Multianalyte-Compatible Lysis for the Detection of P. aeruginosa and IL-6 via Lateral Flow Immunoassay ^†

Abstract

The development of new multianalyte biosensors that can detect multiple classes of biomolecules is highly desirable and will greatly improve medical diagnostics. In the field of infectious diseases, for example, it is beneficial to detect pathogens via nucleic acid analysis together with host immune response markers. In this work, we present a multianalyte-compatible lysis using antimicrobial peptides (AMPs). This strategy enables the simultaneous detection of bacterial DNA and inflammatory biomarkers via multianalyte lateral flow immunoassay (LFIA).

1. Introduction

Wound infections represent a huge problem for patients and the healthcare system. Their early diagnosis is fundamental for a sufficient wound care. In this regard, it is important to differentiate between colonized and infected wounds [1]. Currently, there are no biosensors available that enable (i) the detection of wound pathogens and (ii) the differentiation between active and inactive infections. To tackle this need, we recently developed a novel multianalyte biosensor that enables the simultaneous detection of bacterial DNA and interleukin-6 (IL-6) from a single sample [2]. To realize our vision of a fully integrated biosensor, a multianalyte-compatible lysis strategy is of uttermost importance. Here, we report the usage of antimicrobial peptides (AMPs) for the lysis of Pseudomonas aeruginosa (P. aeruginosa) and subsequent detection of both biomarkers via LFIA.

2. Materials and Methods

AMPs were used to lyse P. aeruginosa (Figure 1A). For a proof-of-principle investigation, 105 CFU/mL P. aeruginosa and 500 ng/mL IL-6 were incubated for 5 min at room temperature in a lysis buffer (50 mM Tris-HCl, pH 7.5, 100 mM NaCl, 1% Brij 35) containing 50 μM of the AMP cecropin P1 (CP1). Next, the crude lysate (containing IL-6 and lysed bacteria) was added to the recombinase polymerase amplification (RPA) reaction (Figure 1B). P. aeruginosa DNA was amplified and labeled at 37 °C for 20 min, which was compatible with protein stability. Subsequently, IL-6 and the labeled amplicons were detected via LFIA (Figure 1C). The validity of the test results was assessed by flow controls (FC) and an internal amplification control (IAC).
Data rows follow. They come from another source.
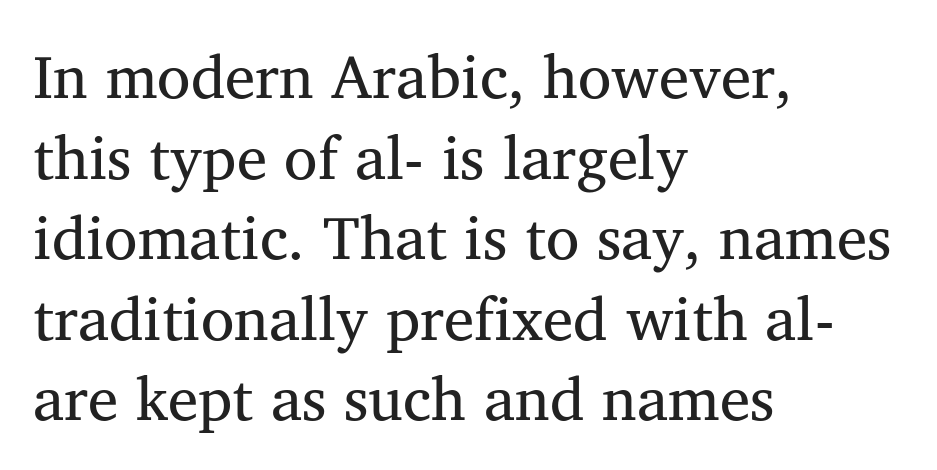
Q: Is the text bold? A: No.
Q: Is the text italic (slanted)? A: No, it is upright.
Q: Is the typeface a serif or a sans-serif typeface? A: Serif.
Q: Is the text underlined? A: No.
Q: How is the paragraph aligned? A: Left-aligned.
Q: Is the spacing between letters normal or unusually wide? A: Normal.
Q: Is the spacing between lines tight, normal or loose? A: Normal.
Q: Width (condensed, normal, or wide)? A: Normal.
Q: Stroke contrast? A: Medium.
Q: x-height? A: Medium.
Q: Monospaced? A: No.
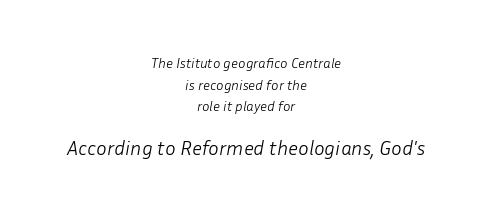
{"italic": "yes", "lean": "right", "slant_degrees": 10, "bold": "no", "underline": "no", "align": "center", "line_spacing": "normal", "line_spacing_ratio": 1.54, "letter_spacing": "normal", "letter_spacing_em": 0.0, "larger_block": "second", "size_ratio": 1.43, "glyph_px": 20}
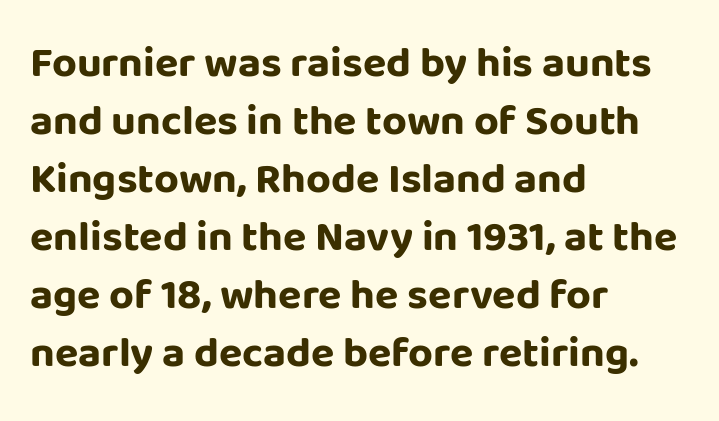
{"serif": "no", "italic": "no", "bold": "yes", "weight": "bold", "width": "normal", "stroke_contrast": "low", "x_height": "large", "monospaced": "no", "underline": "no", "align": "left", "line_spacing": "normal", "line_spacing_ratio": 1.35, "letter_spacing": "normal", "letter_spacing_em": 0.0, "glyph_px": 43}
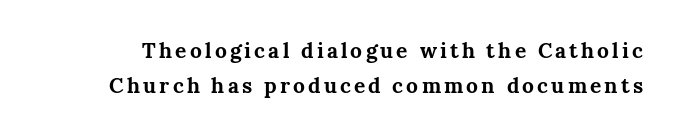
{"italic": "no", "bold": "yes", "underline": "no", "line_spacing": "normal", "line_spacing_ratio": 1.65, "glyph_px": 21}
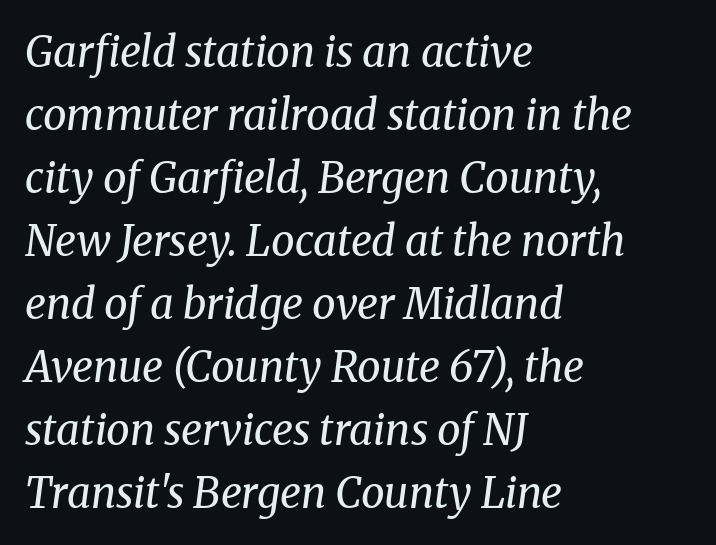
{"serif": "yes", "italic": "yes", "lean": "right", "slant_degrees": 8, "bold": "no", "weight": "regular", "width": "normal", "stroke_contrast": "medium", "x_height": "medium", "monospaced": "no", "underline": "no", "align": "left", "line_spacing": "normal", "line_spacing_ratio": 1.5, "letter_spacing": "normal", "letter_spacing_em": 0.0, "glyph_px": 42}

Details regarding the multianalyte LFIA have been described elsewhere [2]. AMP-based lysis was compared with bead beating (2 × 20 s 6800 rpm).

3. Results and Discussion

Our recently reported paper-based multianalyte biosensor enables the simultaneous detection of bacterial DNA and IL-6 [2]. For the simultaneous detection of pathogens and inflammatory biomarkers, a multianalyte-compatible lysis strategy is of uttermost importance. Here, we report the usage of CP1, an AMP, for the lysis of P. aeruginosa and subsequent detection of bacterial DNA and IL-6 via LFIA (Figure 1). We show that in presence of IL-6 and/or P. aeruginosa, a signal is generated at the corresponding test lines (TL) (Figure 2), which constitutes a positive test result, whereas for non-lysed samples containing P. aeruginosa, only a low signal is generated, which is comparable to samples without P. aeruginosa. Compared with bead beating, a signal decrease of about 31 ± 11% was observed for samples containing P. aeruginosa. Thus, further optimization is required. In summary, these promising results indicate that AMPs can offer a fast and simple multianalyte-compatible lysis strategy that paves the way towards a point-of-care multianalyte biosensor for wound diagnostics.